Q: What is the x-intercept of the graph of the function A(x)?

A: The x-intercept of the graph of the function A(x) is the point where the graph intersects the x-axis. To find the x-intercept, we can set the function equal to zero and solve for x. The x-intercept is the point (-9, 0).

Q: How do I find the total area of the walkway when the width of the walkway is 2 feet?

A: To find the total area of the walkway when the width of the walkway is 2 feet, we can plug x = 2 into the function A(x) = 72 + 36x + 4x^2. This gives us A(2) = 72 + 36(2) + 4(2)^2 = 144.

Q: How do I find the width of the walkway that will result in a total area of 200 square feet?

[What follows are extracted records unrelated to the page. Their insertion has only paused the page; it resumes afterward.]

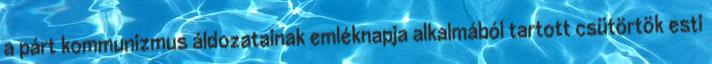
a párt kommunizmus áldozatainak emléknapja alkalmából tartott csütörtök esti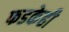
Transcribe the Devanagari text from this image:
फडकेही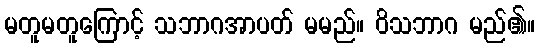
မတူမတူကြောင့် သဘာဂအာပတ် မမည်။ ဝိသဘာဂ မည်၏။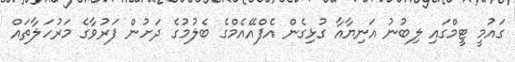
ގައުމީ ޓީމްގައި ލިބުނު އަނިޔާއާ ގުޅިގެން އެފްއޭއެމްގެ ބެލުމުގެ ދަށުން ފަރުވާގެ މަރުހަލާތައް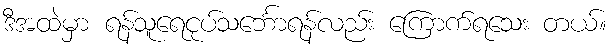
ဒီအထဲမှာ ရန်သူရေငုပ်သင်္ဘောရန်လည်း ကြောက်ရသေး တယ်။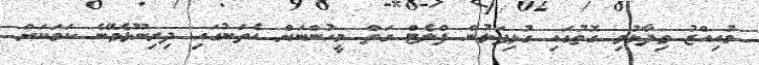
މުއިއްޒު ވިދާޅުވި ގޮތުގައި ގުޅިފަޅުން ފްލެޓް ގަތް މީހުންނަށް އެތަނުގައި ދިރިނޫޅެވޭނެ ކަމަކަށް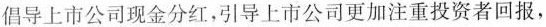
倡导上市公司现金分红，引导上市公司更加注重投资者回报，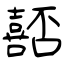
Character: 嚭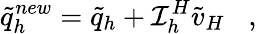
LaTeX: \tilde{q}_{h}^{new}=\tilde{q}_{h}+{\cal I}_{h}^{H}\tilde{v}_{H}\; \; \; ,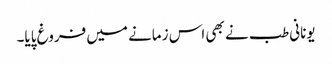
یونانی طب نے بھی اس زمانے میں فروغ پایا۔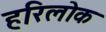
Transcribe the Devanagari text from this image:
हरिलोक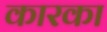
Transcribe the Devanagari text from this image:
कारका

A: To find the width of the walkway that will result in a total area of 200 square feet, we can set the function A(x) = 72 + 36x + 4x^2 equal to 200 and solve for x. This gives us 72 + 36x + 4x^2 = 200. We can then solve for x using the quadratic formula.

Q: What is the relationship between the width of the walkway and the total area of the walkway?

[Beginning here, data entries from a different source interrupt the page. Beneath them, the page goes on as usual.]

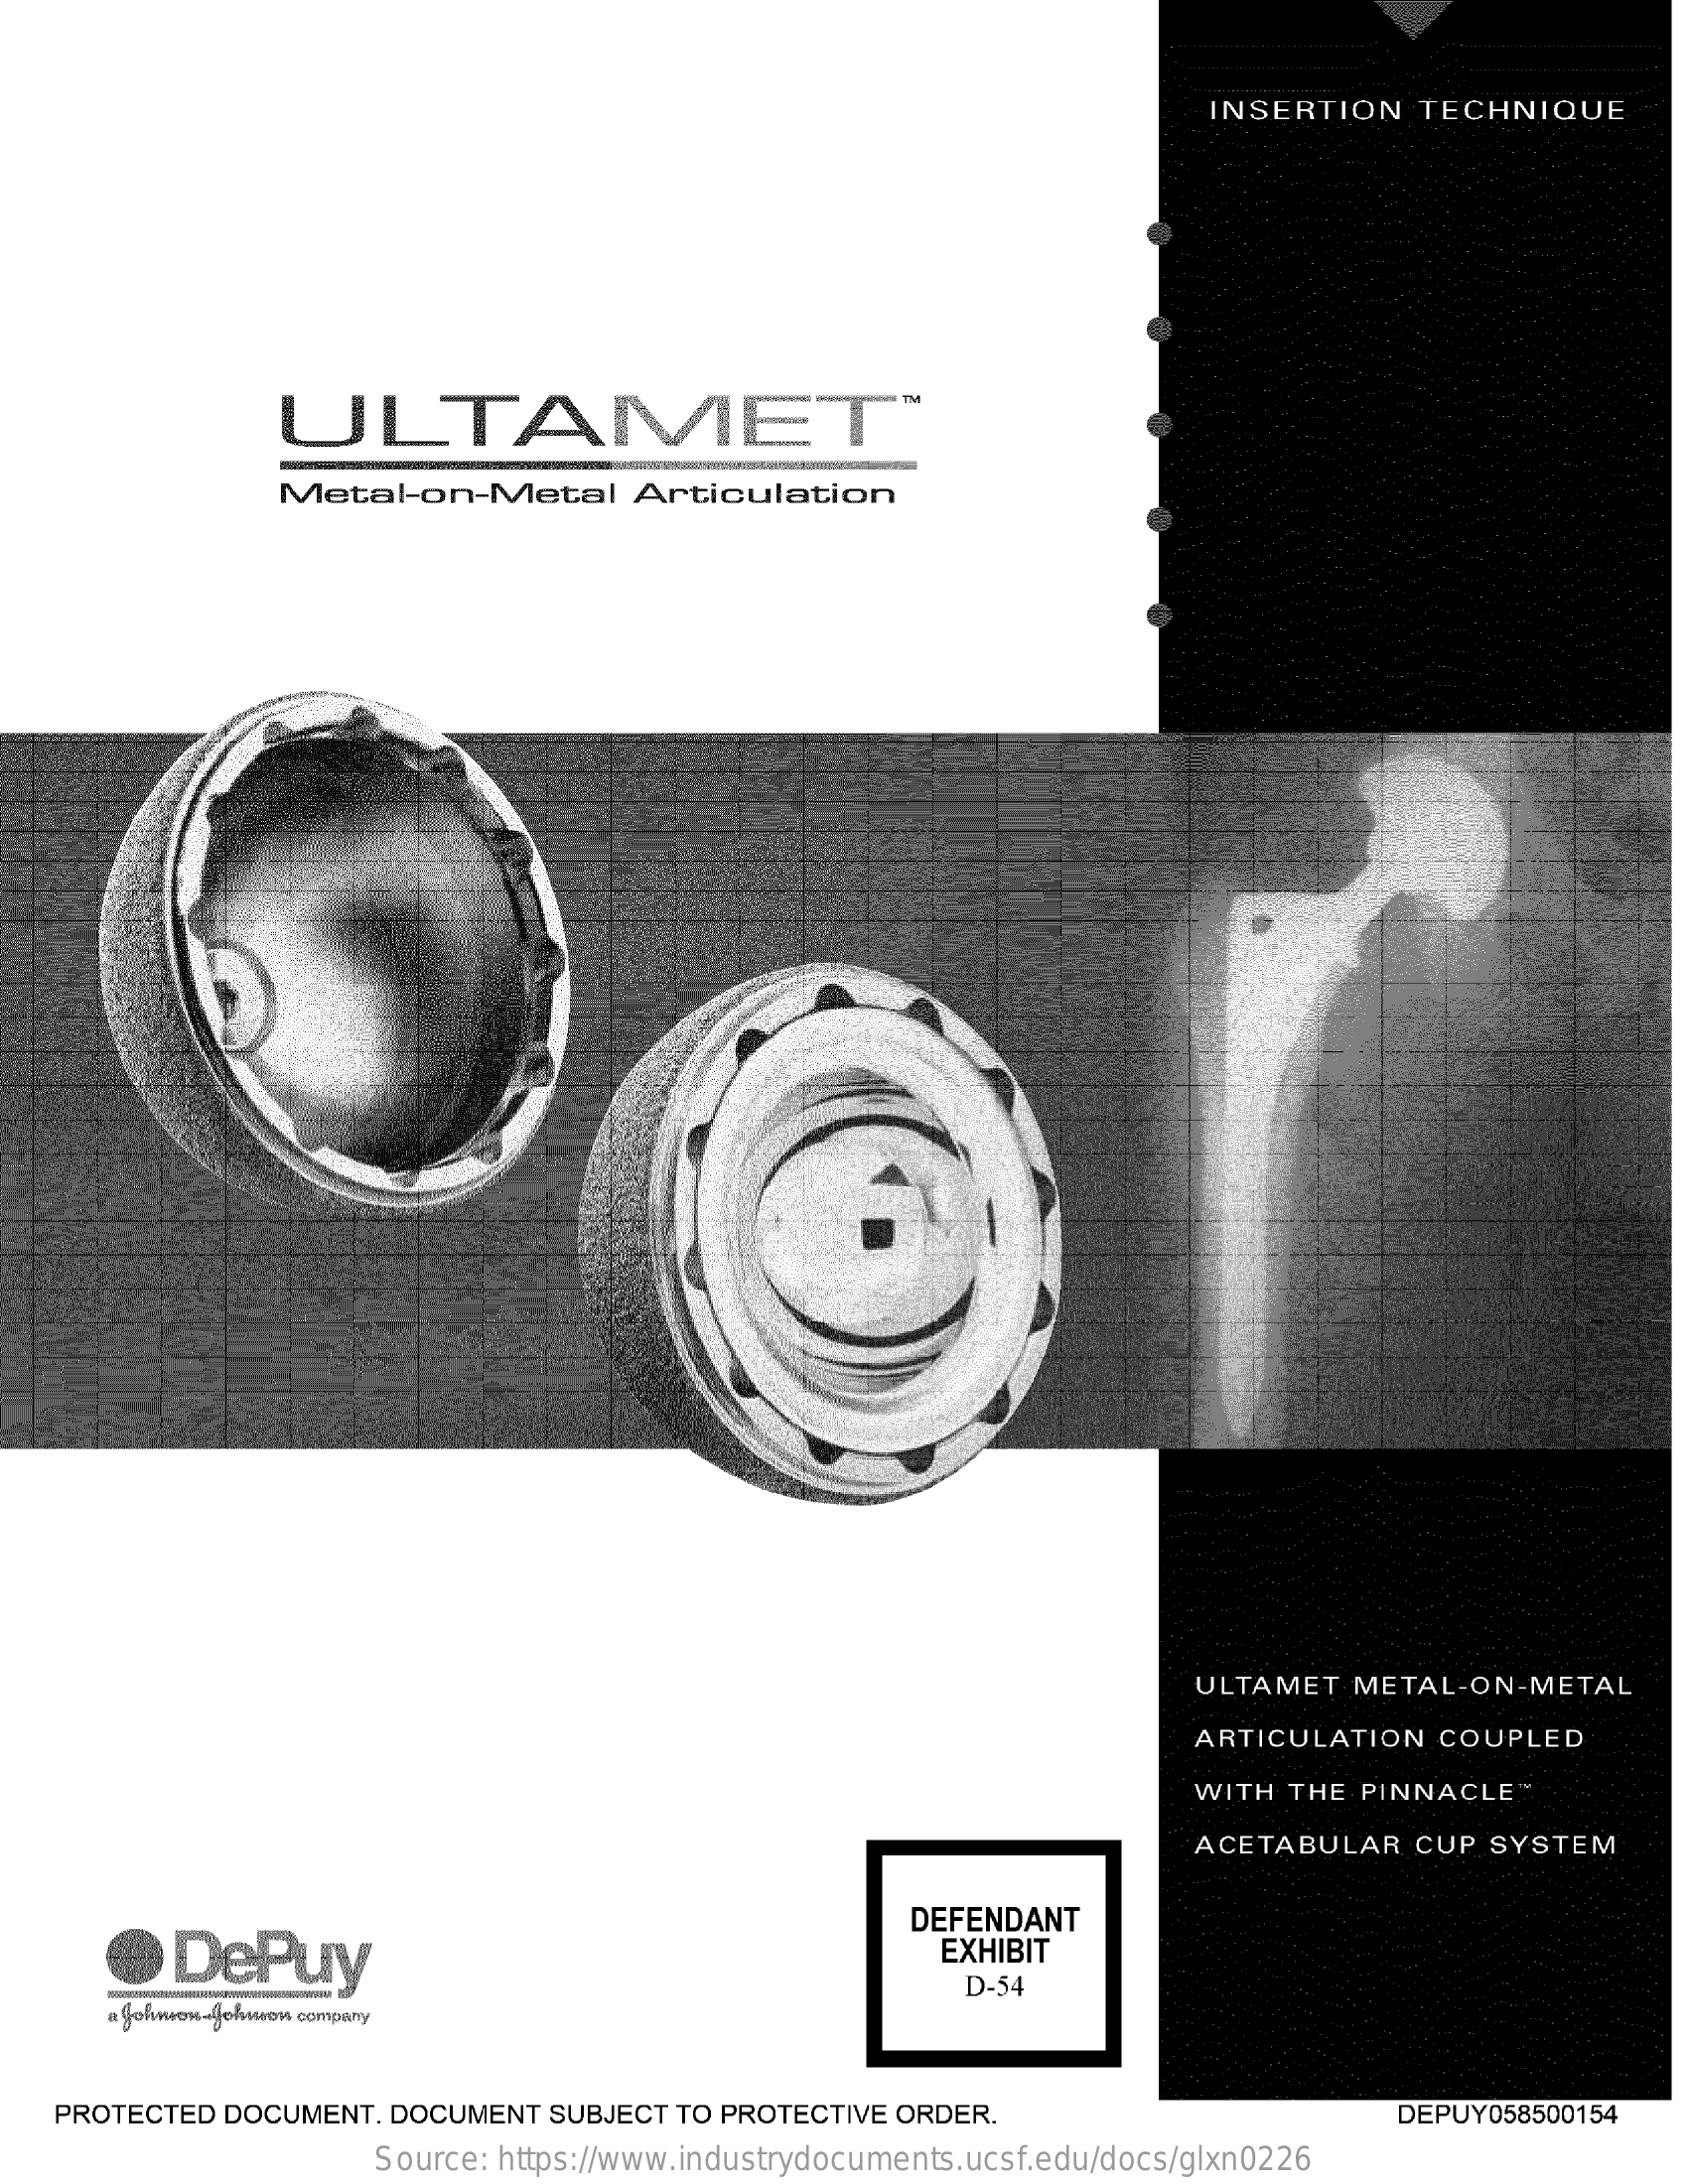
INSERTION TECHNIQUE
     ULTAMET"
     Metal-on-Metal Articulation
     ULTAMET METAL-ON-METAL
     ARTICULATION COUPLED
     WITH THE PINNACLE
     ACETABULAR CUP SYSTEM
     DePuy
     DEFENDANT
     EXHIBIT
     a Johnson-Johnwow company
     D-54
   PROTECTED DOCUMENT. DOCUMENT SUBJECT TO PROTECTIVE ORDER. DEPUY058500154
     Source: https://www.industrydocuments.ucsf.edu/docs/glxn0226

A: The relationship between the width of the walkway and the total area of the walkway is shown by the graph of the function A(x). As the width of the walkway increases, the total area of the walkway also increases.

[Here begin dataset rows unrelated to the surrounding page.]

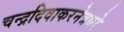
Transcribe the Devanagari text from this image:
चन्द्रदिवाकरनेत्रधरे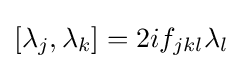
[\lambda _{j},\lambda _{k}]=2if_{jkl}\lambda _{l}~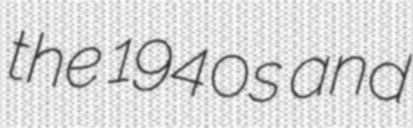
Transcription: the 1940s and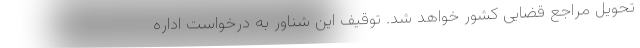
تحویل مراجع قضایی کشور خواهد شد. توقیف این شناور به درخواست اداره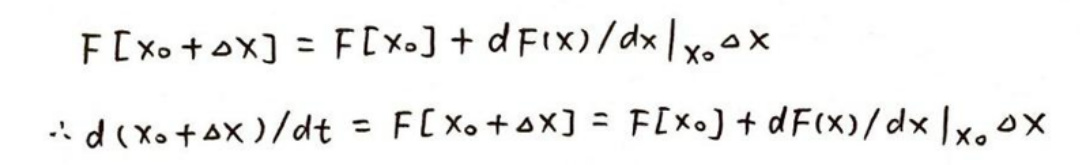
\[
\begin{align*}
F[x_0+\Delta x]&=F[x_0]+\left.\frac{dF(x)}{dx}\right|_{x_0}\Delta x\\
\therefore\frac{d(x_0 + \Delta x)}{dt}&=F[x_0+\Delta x]=F[x_0]+\left.\frac{dF(x)}{dx}\right|_{x_0}\Delta x
\end{align*}
\]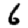
Digit: 6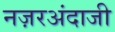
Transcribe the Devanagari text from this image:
नज़रअंदाजी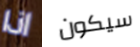
اذا سيكون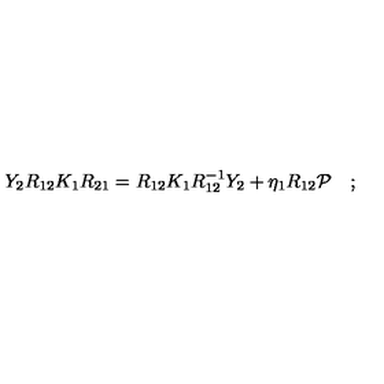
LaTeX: Y _ { 2 } R _ { 1 2 } K _ { 1 } R _ { 2 1 } = R _ { 1 2 } K _ { 1 } R _ { 1 2 } ^ { - 1 } Y _ { 2 } + \eta _ { 1 } R _ { 1 2 } { \cal P } \quad ; \,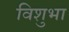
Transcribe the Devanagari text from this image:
विशुभा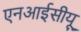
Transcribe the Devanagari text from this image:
एनआईसीयू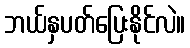
ဘယ်နှပတ်ပြေးနိုင်လဲ။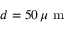
d = 5 0 \, \mu \textrm { m }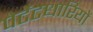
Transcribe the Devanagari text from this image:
पेटेंटधारियों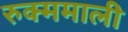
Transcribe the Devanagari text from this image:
रुक्ममाली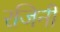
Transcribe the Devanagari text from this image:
रजिनी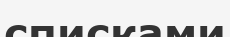
списками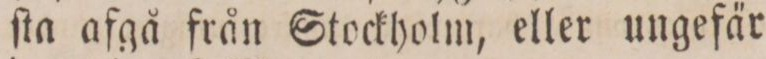
ſta afgå från Stockholm, eller ungefär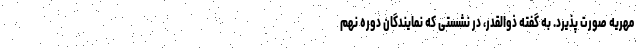
مهریه صورت پذیرد. به‌ گفته ذوالقدر، در نشستی که نمایندگان دوره نهم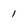
Character: 1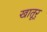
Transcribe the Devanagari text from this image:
खातूर्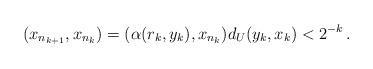
LaTeX: \begin{align*} (x_{n_{k+1}}, x_{n_k}) = (\alpha(r_k,y_k), x_{n_k}) d_U(y_k,x_k) <2^{-k} \,.\end{align*}

Q: Can the width of the walkway be negative?

A: No, the width of the walkway cannot be negative. The width of the walkway must be a positive value.

Q: What is the significance of the x-intercept of the graph of the function A(x)?

A: The x-intercept of the graph of the function A(x) represents the point where the graph intersects the x-axis. This point is important because it shows the relationship between the width of the walkway and the total area of the walkway.

Q: How can I use the function A(x) in real-world applications?

A: The function A(x) can be used in real-world applications such as designing walkways around gardens, parks, and other outdoor spaces. It can also be used to calculate the total area of a walkway in a variety of different situations.

Q: What are some common mistakes to avoid when using the function A(x)?

A: Some common mistakes to avoid when using the function A(x) include:

  • Not considering the dimensions of the flower patch and the width of the walkway
  • Not using the correct formula for the function A(x)
  • Not solving for x correctly
  • Not considering the x-intercept of the graph of the function A(x)

Q: How can I improve my understanding of the function A(x)?

A: To improve your understanding of the function A(x), you can:

  • Practice using the function A(x) in different scenarios
  • Graph the function A(x) to visualize the relationship between the width of the walkway and the total area of the walkway
  • Use real-world examples to apply the function A(x)
  • Review the formula for the function A(x) and make sure you understand how it works.